How are my bytes in C stored?

First, I'm a student still. So I am not very experienced.
I'm working with a piece of bluetooth hardware and I am using its protocol to send it commands. The protocol requires packets to be sent with LSB first for each packet field.
I was getting error packets back to me indicating my CRC values were wrong so I did some investigating. I found the problem, but I became confused in the process.
Here is Some GDB output and other information elucidating my confusion.
I'm sending a packet that should look like this:
|Start Flag| Packet Num | Command | Payload | CRC | End Flag|
0xfc 0x1 0x0 0x8 0x0 0x5 0x59 0x42 0xfd
Here is some GDB output:
print /x reqId_ep
$1 = {start_flag = 0xfc, data = {packet_num = 0x1, command = {0x0, 0x8}, payload = {
0x0, 0x5}}, crc = 0x5942, end_flag = 0xfd}
reqId_ep is the variable name of the packet I'm sending. It looks all good there, but I am receiving the CRC error codes from it so something must be wrong.

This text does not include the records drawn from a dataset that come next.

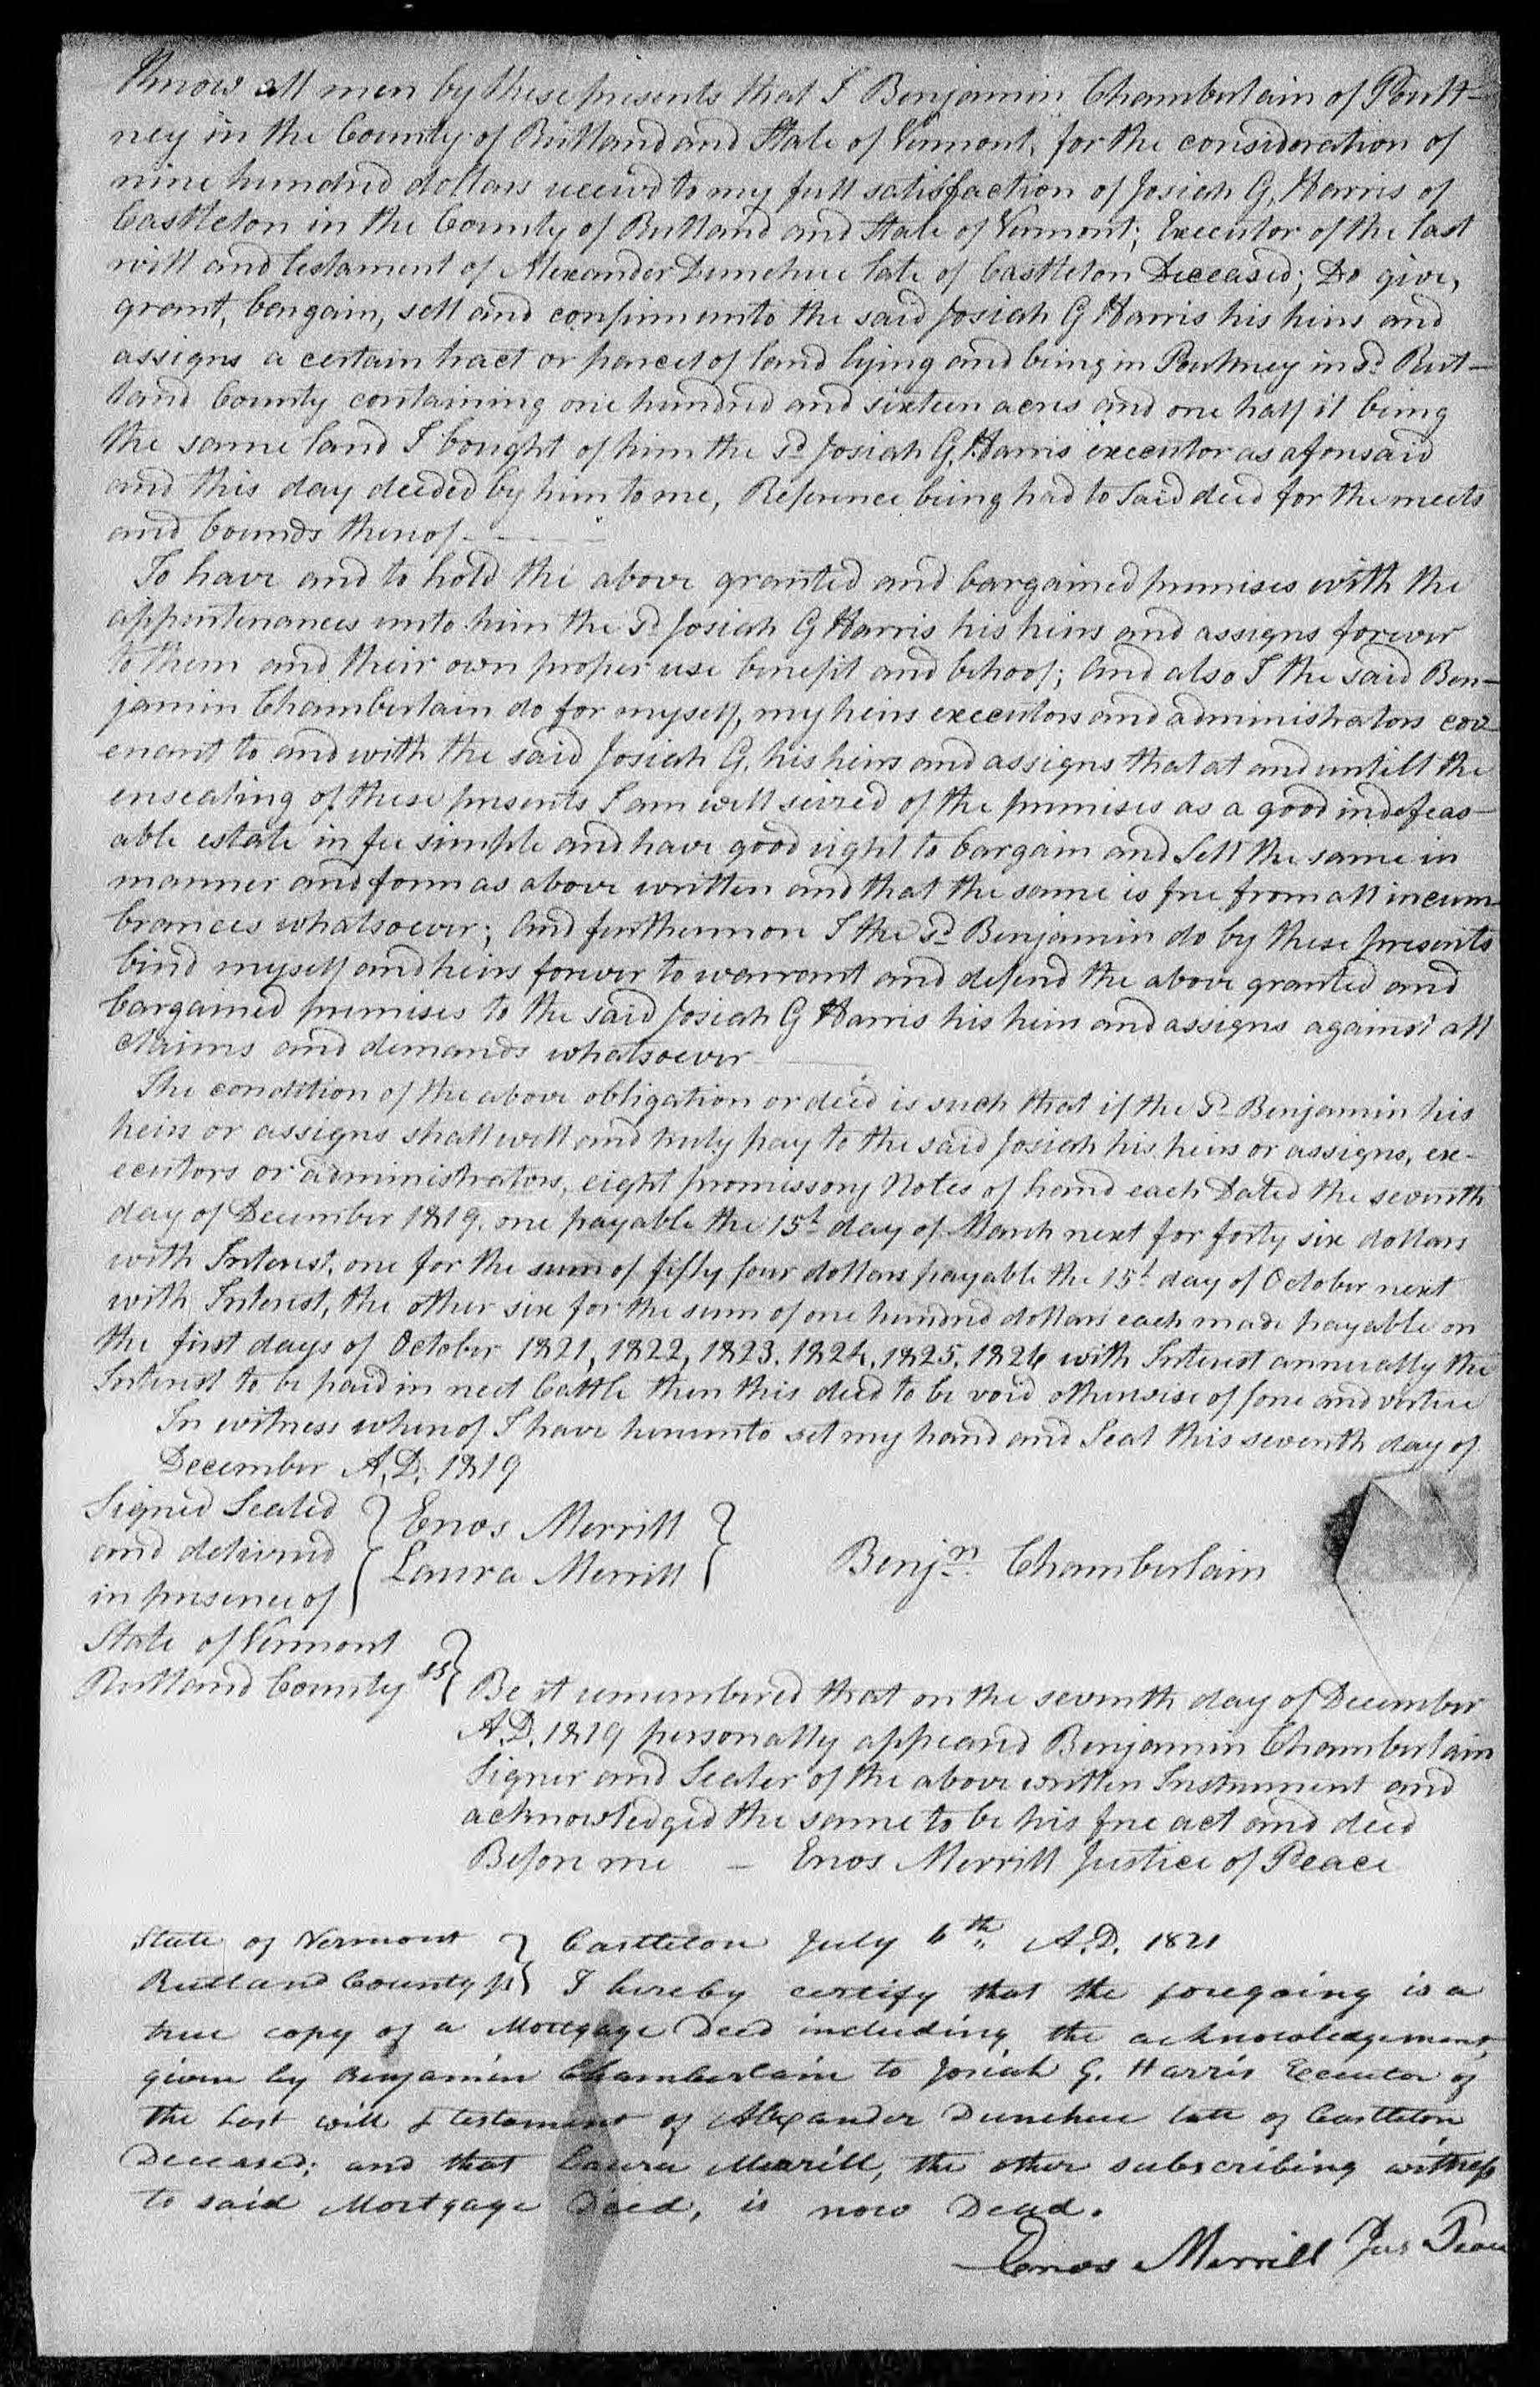Know all men by these present that I Benjamin Chamberlain of Poultney in the county of Rutland and the State of Vermont, for the consideration of nine hundred dollars received to my full satisfaction of Josiah G. Harris of Castleton in the County of Rutland and State of Vermont; Executor of the last will and testament of Alexander Dunehue late of Castleton deceased; Do give, grant, bargain, sell and confirm unto the said Josiah G. Harris his heirs and assigns a certain tract or parcel of land lying and being in Poultney in S. Rutland County containing one hundred and sixteen acres and one half it being the same land I bought of him the s'd Josiah G. Harris executor as aforesaid and this day decided by him to me, Reference being had to said deed for the meets and bounds thereof ----
To have and to hold the above granted and bargained promises with the appurtenances  unto him the s'd Josiah G Harris his heirs and assigned forever to them and their own proper use benefit and behoof; and also I the said Benjamin Chamberlain do for myself, my heirs executors and administrators consisting of these presents I am well served of the promises as a good indefeasible estate in for simple and have good right to bargain and sell the same in manner and form as above written and that the same is free from all incumbrances whatsoever; and furthermore that s'd Benjamin do by these presents bind myself and heirs forever to warrant and defend the above granted and bargained promises to the said Josiah G Harris his heirs and assigned against all claims and demands whatsoever ----

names: Josiah G Harris, Benjamin, Benjamin Chamberlain, Laura Merrill, Benjn Chamberlain, Josiah, Benjamin Chamberlain, Alexander Donohue, Laura Marill, Josiah G Harris, Enos Merrill, Josiah G Harris, Josiah G Harris, Benjamin Chamberlain, Josiah G Harris, Benjamin, Enos Merrill, Benjamin Chamberlain, Alexander Donohue, Josiah G, Josiah G Harris, Enos Merrill
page: 27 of 30
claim: survivor's
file: S. 39306, Benjamin Chamberlin, Mass.

Here I examine 9 bytes in hex starting from the address of my packet to send:
x/9bx 0x7fffffffdee0
0xfc 0x01 0x00 0x08 0x00 0x05 0x42 0x59 0xfd
And here the problem becomes apparent. The CRC is not LSB first. (0x42 0x59)

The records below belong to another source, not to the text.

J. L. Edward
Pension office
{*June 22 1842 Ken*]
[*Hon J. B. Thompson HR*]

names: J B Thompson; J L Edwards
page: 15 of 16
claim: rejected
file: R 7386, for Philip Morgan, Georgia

To fix my problem I removed the htons() that I set my CRC value equal with.
And here is the same output above without htons():
p/x reqId_ep
$1 = {start_flag = 0xfc, data = {packet_num = 0x1, command = {0x0, 0x8}, payload = {
0x0, 0x5}}, crc = 0x4259, end_flag = 0xfd}
Here the CRC value is not LSB.
But then:
x/9bx 0x7fffffffdee0
0xfc 0x01 0x00 0x08 0x00 0x05 0x59 0x42 0xfd
Here the CRC value is LSB first.
So apparently the storing of C is LSB first? Can someone please cast a light of knowledge upon me for this situation? Thank you kindly.

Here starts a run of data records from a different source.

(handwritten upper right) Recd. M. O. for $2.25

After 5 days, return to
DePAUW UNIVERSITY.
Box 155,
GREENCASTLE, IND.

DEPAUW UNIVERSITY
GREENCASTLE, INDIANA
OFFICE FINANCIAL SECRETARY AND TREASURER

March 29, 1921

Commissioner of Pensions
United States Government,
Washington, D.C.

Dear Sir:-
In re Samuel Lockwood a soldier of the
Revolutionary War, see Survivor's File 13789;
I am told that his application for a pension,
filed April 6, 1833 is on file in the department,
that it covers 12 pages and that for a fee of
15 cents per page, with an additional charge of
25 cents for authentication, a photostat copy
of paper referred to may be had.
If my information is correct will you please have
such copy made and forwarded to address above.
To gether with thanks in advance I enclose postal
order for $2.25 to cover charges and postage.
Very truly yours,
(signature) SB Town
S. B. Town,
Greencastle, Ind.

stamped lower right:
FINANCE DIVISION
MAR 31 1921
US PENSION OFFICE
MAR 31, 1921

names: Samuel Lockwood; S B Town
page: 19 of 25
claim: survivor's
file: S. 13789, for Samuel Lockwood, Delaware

This has to do with Endianness in computing:
http://en.wikipedia.org/wiki/Endianness#Endianness_and_operating_systems_on_architectures
For example, the value 4660 (base-ten) is 0x1234 in hex. On a Big Endian system, it would be stored in memory as 1234 while on a Little Endian system it would be stored as 3412
If you want to avoid this sort of issue in the future, it might just be easiest to create a large array or struct of unsigned char, and store individual values in it.
eg:
|Start Flag| Packet Num | Command | Payload | CRC | End Flag|
0xfc 0x1 0x0 0x8 0x0 0x5 0x59 0x42 0xfd
typedef struct packet {
unsigned char startFlag;
unsigned char packetNum;
unsigned char commandMSB;
unsigned char commandLSB;
unsigned char payloadMSB;
unsigned char payloadLSB;
unsigned char crcMSB;
unsigned char crcLSB;
unsigned char endFlag;
} packet_t;
You could then create a function that you compile differently based on the type of system you are building for using preprocessor macros.
eg:
/* Uncomment the line below if you are using a little endian system;
/* otherwise, leave it commented
*/
//#define LITTLE_ENDIAN_SYSTEM
// Function protocol
void writeCommand(int cmd);
//Function definition
void writeCommand(int cmd, packet_t* pkt)
{
if(!pkt)
{
printf("Error, invalid pointer!");
return;
}
#if LITTLE_ENDIAN_SYSTEM
pkt->commandMSB = (cmd && 0xFF00) >> 8;
pkt->commandLSB = (cmd && 0x00FF);
# else // Big Endian system
pkt->commandMSB = (cmd && 0x00FF);
pkt->commandLSB = (cmd && 0xFF00) >> 8;
#endif
// Done
}
int main void()
{
packet_t myPacket = {0}; //Initialize so it is zeroed out
writeCommand(0x1234,&myPacket);
return 0;
}
One final note: avoid sending structs as a stream of data, send it's individual elements one-at-a-time instead! ie: don't assume that the struct is stored internally in this case like a giant array of unsigned characters. There are things that the compiler and system put in place like packing and allignment, and the struct could actually be larger than 9 x sizeof(unsigned char).
Good luck!
This is architecture dependent based on which processor you're targeting. There are what is known as "Big Endian" systems, which store the most significant byte of a word first, and "Little Endian" systems that store the least significant byte first. It looks like you're looking at a Little Endian system there.